There was a discussion of using GPS to get accurate time synchronization, i.e. more accurate than is available with NTP. There was concern about deploying GPS and the need to get aerials installed etc. It was agreed that we do need to be able to synchronize the timing and should specify what the synchronization accuracy should/will be assuming we will start out with NTP only.
It was agreed that we should continue to collect the XIWT PingER data, and make it available.
So the next step is to flesh out the proposal, and then to shop it around to members to solicit interest. Particular/possible members would include those running networks and/or transiting traffic (e.g. Verio/NTT, ATT), a broad band/dial-up center (e.g. EarthLink, ENRON) site, a content site (e.g. WestGroup, Intel does web hosting), a corporate network (one would be of interest, more would be better so can compare and validate, e.g. does the corporation do a lot of tunneling, streaming, how does small company compare with large), a hosting site (e.g.
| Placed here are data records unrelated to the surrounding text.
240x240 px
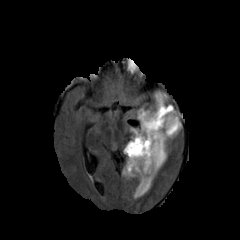
FLAIR MR.
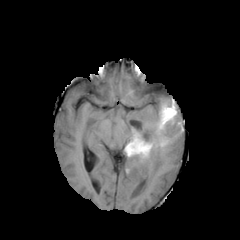
T1-weighted magnetic resonance.
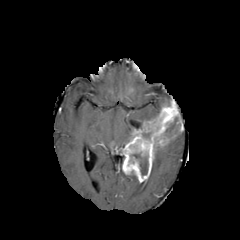
Post-contrast T1-weighted MR image.
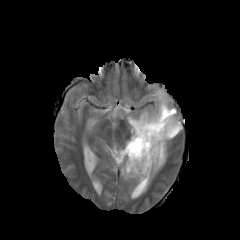
T2-weighted MR.
4 non-enhancing tumor core regions appear at (142,127,152,139), (132,153,147,175), (152,117,181,167), (134,104,164,131). The enhancing tumor lies within (123,104,179,181). 3 edema regions are located at (133,152,167,198), (137,92,166,121), (165,132,178,150).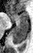 Medial temporal lobe. MR image. <segmentation>
  <anterior_hippocampus>9 10 27 22</anterior_hippocampus>
  <posterior_hippocampus>12 23 28 43</posterior_hippocampus>
</segmentation>
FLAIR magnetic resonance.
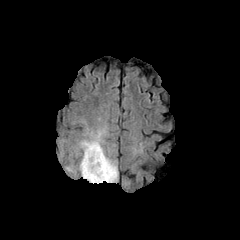
T1-weighted MR image.
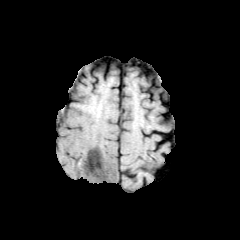
Post-contrast T1-weighted MR.
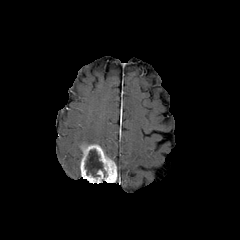
T2-weighted MRI.
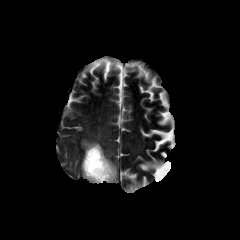
Head
The non-enhancing tumor core appears at x1=85, y1=149, x2=106, y2=177. The enhancing tumor is at x1=80, y1=144, x2=117, y2=183. The edema lies within x1=64, y1=115, x2=118, y2=182.
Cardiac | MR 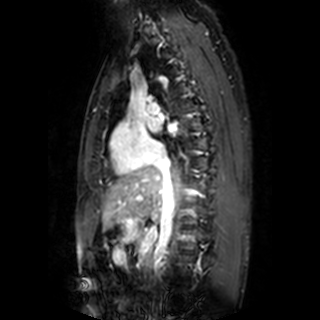 2 left atrium regions are located at [x1=146, y1=117, x2=160, y2=132], [x1=168, y1=123, x2=176, y2=133].
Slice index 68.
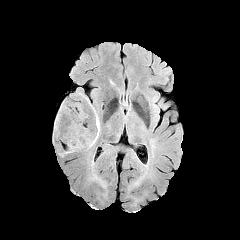
FLAIR MRI.
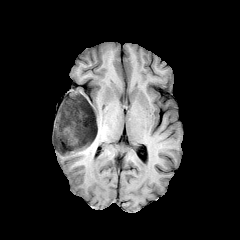
Same slice, T1-weighted MR.
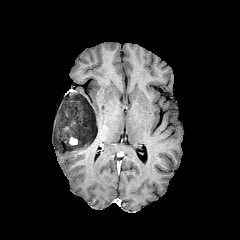
Post-contrast T1-weighted magnetic resonance.
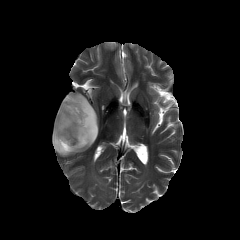
T2-weighted MR image.
Edema: bounding box bbox=[54, 141, 74, 156]; bbox=[90, 104, 98, 137].
Enhancing tumor: bounding box bbox=[68, 137, 77, 145].
Non-enhancing tumor core: bounding box bbox=[54, 94, 97, 151].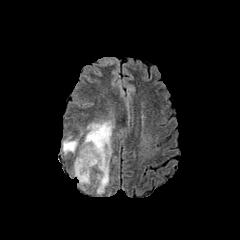
FLAIR MR image.
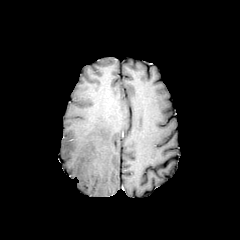
T1-weighted MR image.
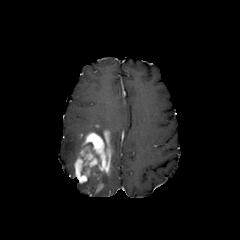
Post-contrast T1-weighted magnetic resonance.
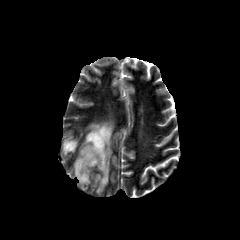
T2-weighted MR image.
{
  "non-enhancing_tumor_core": [
    "83 165 108 185"
  ],
  "edema": [
    "85 121 113 151",
    "62 137 82 157",
    "99 175 109 192",
    "82 168 100 186"
  ],
  "enhancing_tumor": [
    "74 132 110 183"
  ]
}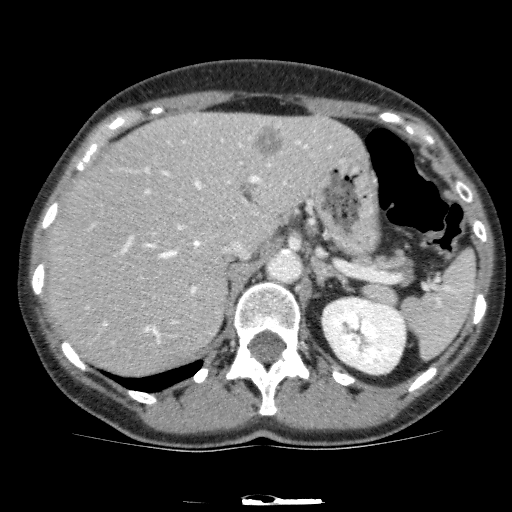 Upper abdomen. Image size 512x512. CT scan slice. {
  "liver": [
    "box(45, 112, 368, 371)"
  ],
  "kidney": [
    "box(322, 298, 405, 373)"
  ],
  "focal_liver_lesion": [
    "box(251, 123, 285, 158)",
    "box(191, 239, 204, 250)"
  ]
}
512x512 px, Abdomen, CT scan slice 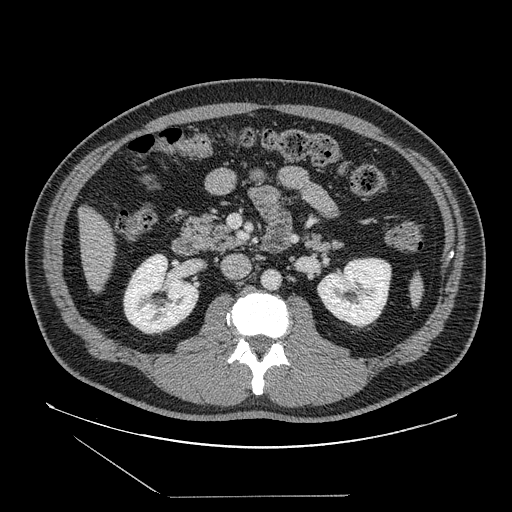

pancreas:
  - [181,214,235,253]
  - [300,232,345,252]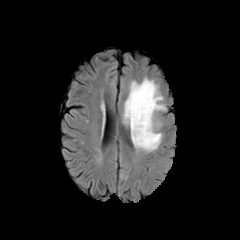
FLAIR MRI.
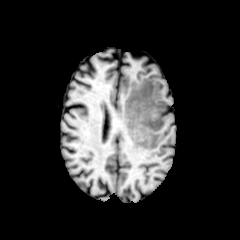
T1-weighted magnetic resonance.
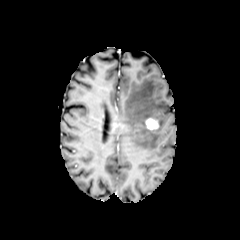
Same slice, post-contrast T1-weighted magnetic resonance.
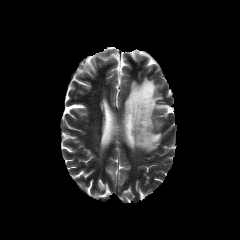
Same slice, T2-weighted magnetic resonance.
Head
Edema at bbox(124, 78, 166, 151).
Enhancing tumor at bbox(145, 118, 158, 129).
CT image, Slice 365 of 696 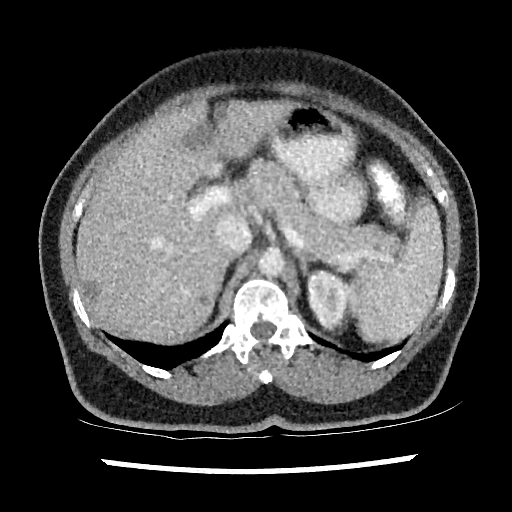

Hepatic lesion at [84,281,100,301], [216,107,227,117], [200,297,212,305], [184,125,211,148].
Kidney at [309,271,359,326].
Liver at [77,98,296,340].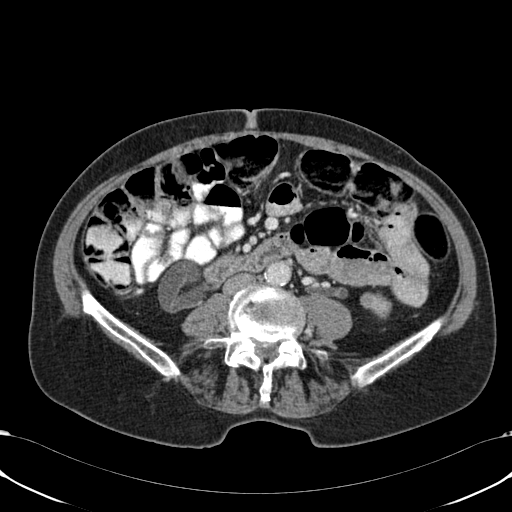

CT image. 512x512.

kidney:
  - <box>363,294,386,313</box>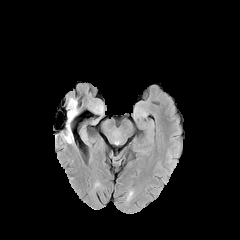
FLAIR MRI.
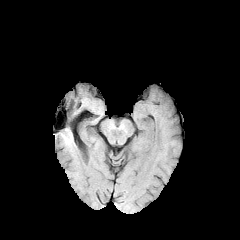
Same slice, T1-weighted MR image.
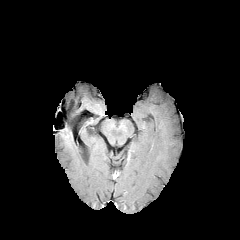
Post-contrast T1-weighted MR.
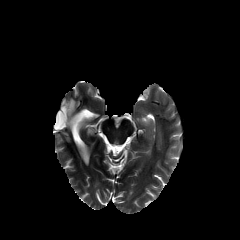
Same slice, T2-weighted MRI.
Brain.
2 edema regions appear at left=66, top=97, right=79, bottom=131; left=61, top=131, right=72, bottom=140.

Exodus), a wireless provider (e.g. Bell South, AT&T or Ericsson customers, perhaps SBC or Verizon might be interested), an ecommerce site, a research high performance computing site (e.g. SLAC) would be good participants. Such companies have resources that may be added to the proposal. We feel we can be successful with a fairly small but diverse deployment. Then one would assess interest, get an idea of what people are interested in doing. Is there value to members who do not/cannot deploy the probes on the WAN, e.g. deploy tools internally/privately/non-sharing of data on their LAN. Getting participation (of people willing to install etc.) is a key ingredient to moving forward. Is there a minimal target of participants? Then get together a phone conference to see who will really proceed. Then go for an extended seminar, say in January, for people signing up. Then go to DARPA to redirect the proposal. Fred has a lot of requests for access to his repository, this could be made available via the current proposal umbrella. It would be interesting to use this data to illustrate some applications such as web streaming, or traffic mixes at various places.
Another question orthogonal to benefits seen by participants is what are the requirements that a member has to ante up in order to participate. For example: meeting/workshop participation, release of data, dataset subscription to selected data available early on, locating a probe with access to network, providing ssh access for administration. What does it take to be a participant, active vs. passive participants.
A timeline was proposed:
DARPA wants the data to drive models, to validate models. It may be necessary to send out an email to the DARPA modeling PI folks saying this is the data we are hoping to capture and make available, is it useful to you, in what form, does it need extending either in location or in what is measured, how should it be aggregated. IPv6 is another possible area to expand into especially for the wireless folks. Wireless traces would be very interesting for the DARPA community. Another interest is deducing throughput from loss and delay measurements made passively and compare with active measurements.